## Problem to work on
Please write out all the entries exactly, without the pictures.

## Supplied records
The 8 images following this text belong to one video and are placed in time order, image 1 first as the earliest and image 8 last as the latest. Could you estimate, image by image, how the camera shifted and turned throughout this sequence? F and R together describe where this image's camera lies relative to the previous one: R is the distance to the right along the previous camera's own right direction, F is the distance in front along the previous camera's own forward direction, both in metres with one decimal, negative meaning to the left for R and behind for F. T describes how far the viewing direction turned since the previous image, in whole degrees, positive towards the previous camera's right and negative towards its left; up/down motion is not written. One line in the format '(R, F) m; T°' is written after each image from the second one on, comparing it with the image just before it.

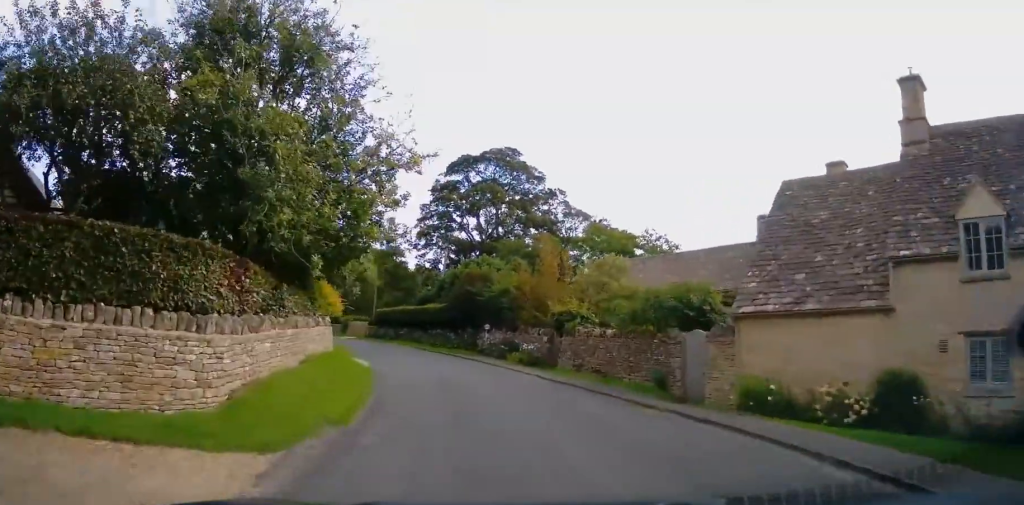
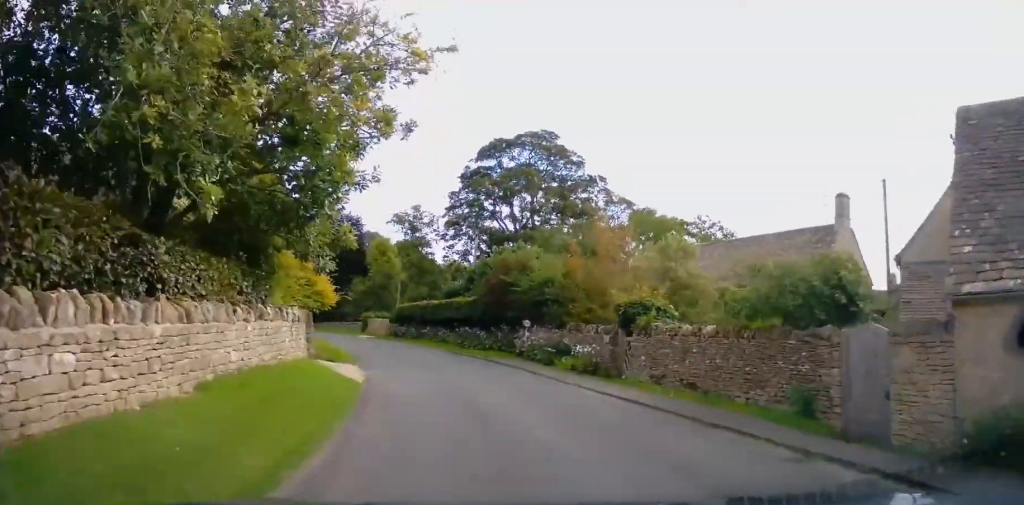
(+0.1, +5.7) m; -3°
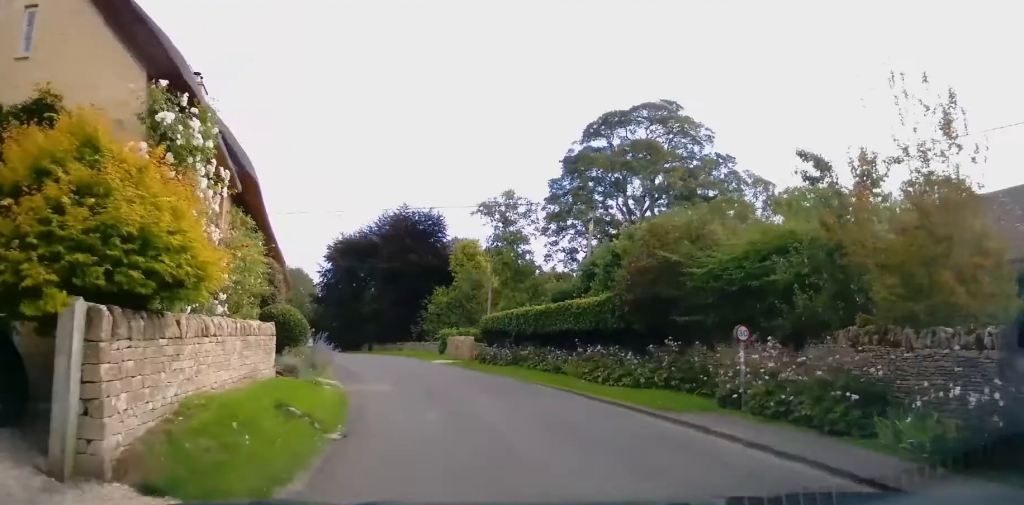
(-1.1, +13.1) m; -8°
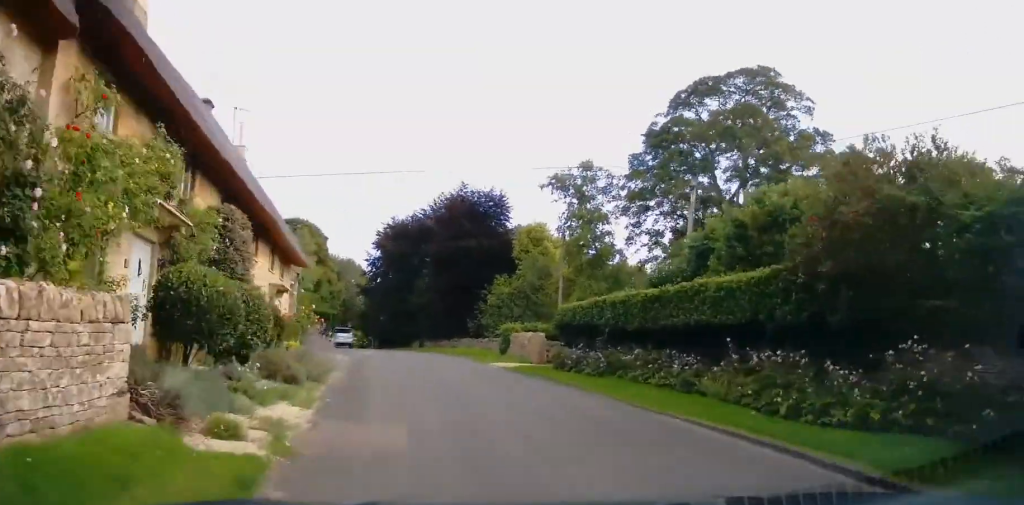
(-0.1, +7.8) m; -4°
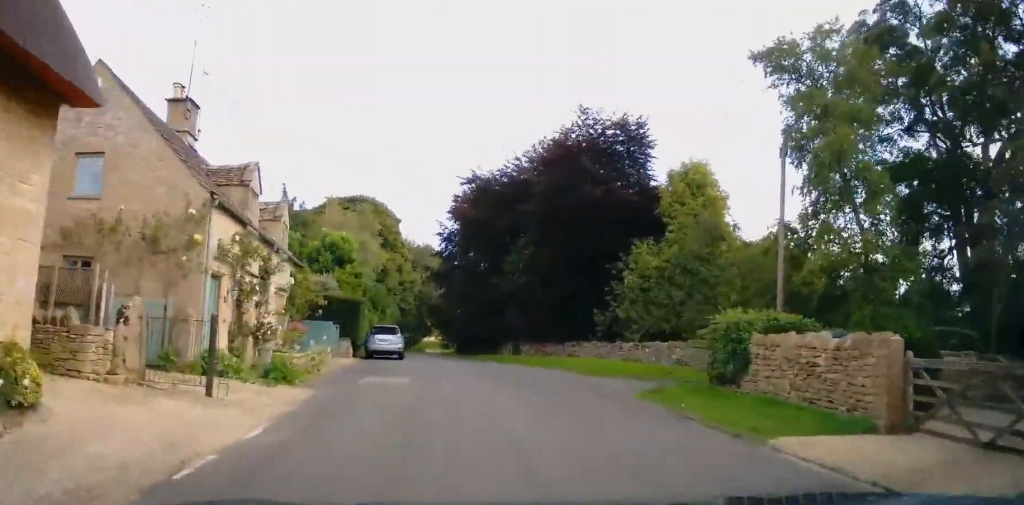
(-2.0, +19.3) m; -10°
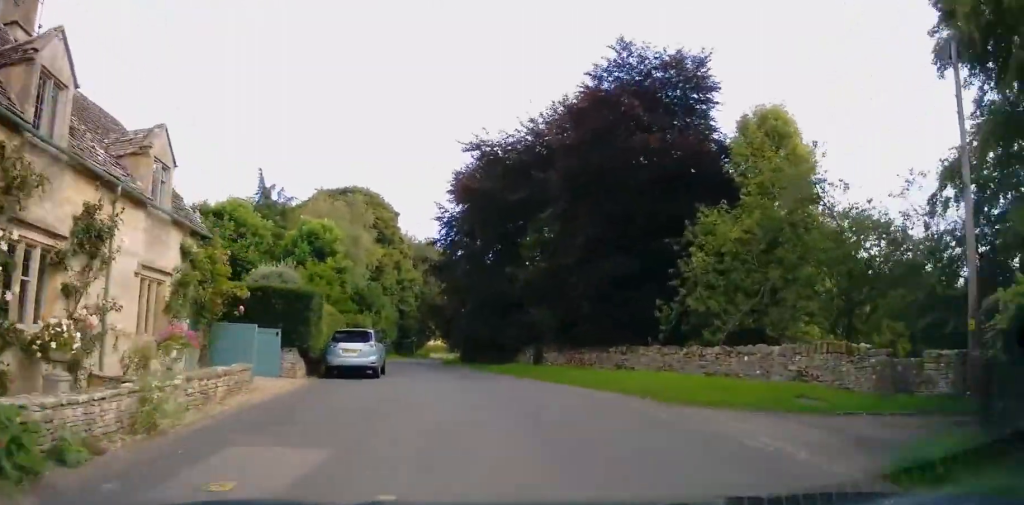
(-0.3, +9.3) m; -2°
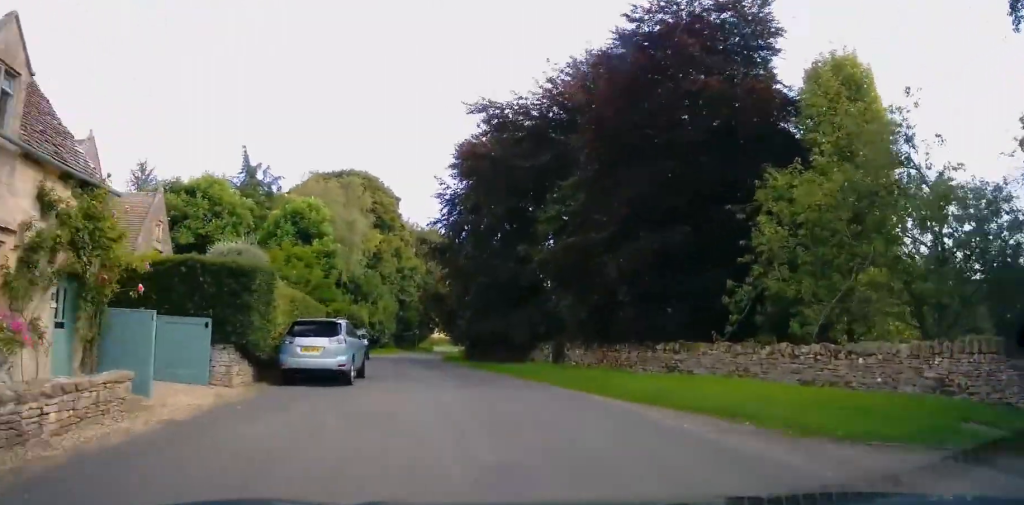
(-0.2, +5.1) m; 0°
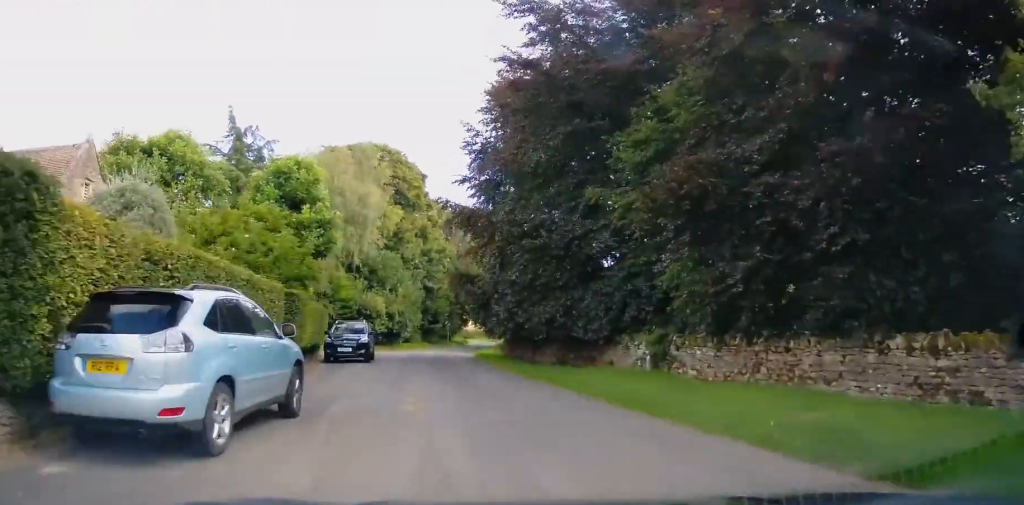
(+0.2, +9.9) m; -2°

## Task output
The 8 images following this text belong to one video and are placed in time order, image 1 first as the earliest and image 8 last as the latest. Could you estimate, image by image, how the camera shifted and turned throughout this sequence? F and R together describe where this image's camera lies relative to the previous one: R is the distance to the right along the previous camera's own right direction, F is the distance in front along the previous camera's own forward direction, both in metres with one decimal, negative meaning to the left for R and behind for F. T describes how far the viewing direction turned since the previous image, in whole degrees, positive towards the previous camera's right and negative towards its left; up/down motion is not written. One line in the format '(R, F) m; T°' is written after each image from the second one on, comparing it with the image just before it.

(+0.1, +5.7) m; -3°
(-1.1, +13.1) m; -8°
(-0.1, +7.8) m; -4°
(-2.0, +19.3) m; -10°
(-0.3, +9.3) m; -2°
(-0.2, +5.1) m; 0°
(+0.2, +9.9) m; -2°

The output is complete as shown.